Her conclusions were conveyed to Jeremy Hunt in September 2013 (and co-signed by John Britton). She was adamant that recreational use of nicotine was just an industry myth and that vapers used e-cigs for the same reasons as NRT marketed by her friends in the pharmaceutical industry (as with all these images, click to expand).

What's more, there would be no problem with medicines regulation for vaping suppliers because they were earning loads of money, so they were. It was easy peasy!

Regulation won't undermine growth? But will simultaneously entrench existing players? That's some weapons grade goalpost-moving right there isn't it?

But even if it wasn't easy peasy, Arnott wasn't too bothered about medicines regulation putting small companies out of business anyway. In shades of the FDA deeming regulations across the pond, the letter from Arnott and Britton appeared to say "well Big Tobacco will buy these companies anyway in time, so why not just hand them the industry now?".

In correspondence shared with Andrew Black in December 2013, Arnott went even further in her desperate drive to get e-cigs included in the TPD as medicinal products. Writing presumably to the Labour Party or a shadow cabinet researcher (redacted), she exhorted them to support medicines regulation in the TPD and sharpish. Because, you see, without really taking any consumer views into account, Arnott had concluded that where vaping is concerned, making e-cigs available only as drab smoking cessation aids via stifling medical regulations was the "best use for them".

The urgency just leaps off the page, doesn't it? A "priority" to push the TPD through by 22 May 2014 no matter what damaging shit is in it. If that was the approach of ASH - with their open line to government - is it any wonder why Health Minister Anna Soubry, flanked by Arnott's best pal Andrew Black and no doubt accompanied by him in Europe, panicked and voted for something she knew nothing about; arrogantly bypassing parliamentary scrutiny in the process.

The rest is history. No doubt pressured by ASH and other rancid organisations in Europe behind the scenes, the public and the EU Parliament was ignored and the TPD that is now causing havoc in the UK and beyond was formulated in secret and therefore, to no-one's surprise, delivered in February 2014.

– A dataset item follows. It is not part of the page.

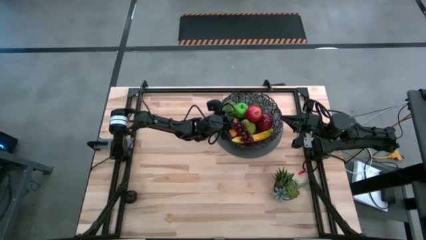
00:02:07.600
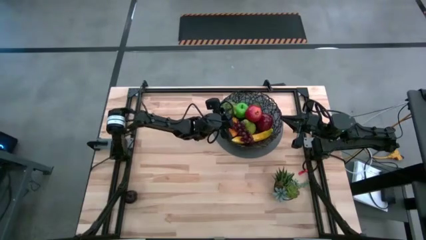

With that background in mind, is it any wonder that ASH are now trying to pretend that the TPD isn't really that bad for vapers? They are responsible for the TPD Article 20 and have been since the first time someone rang them up and said "have you seen these odd plastic things that I've heard are being hawked in pubs?" from 2004 onwards.

Corrupt? I'll leave that up to you to decide.

There's tons of this stuff you know, anyone up for more?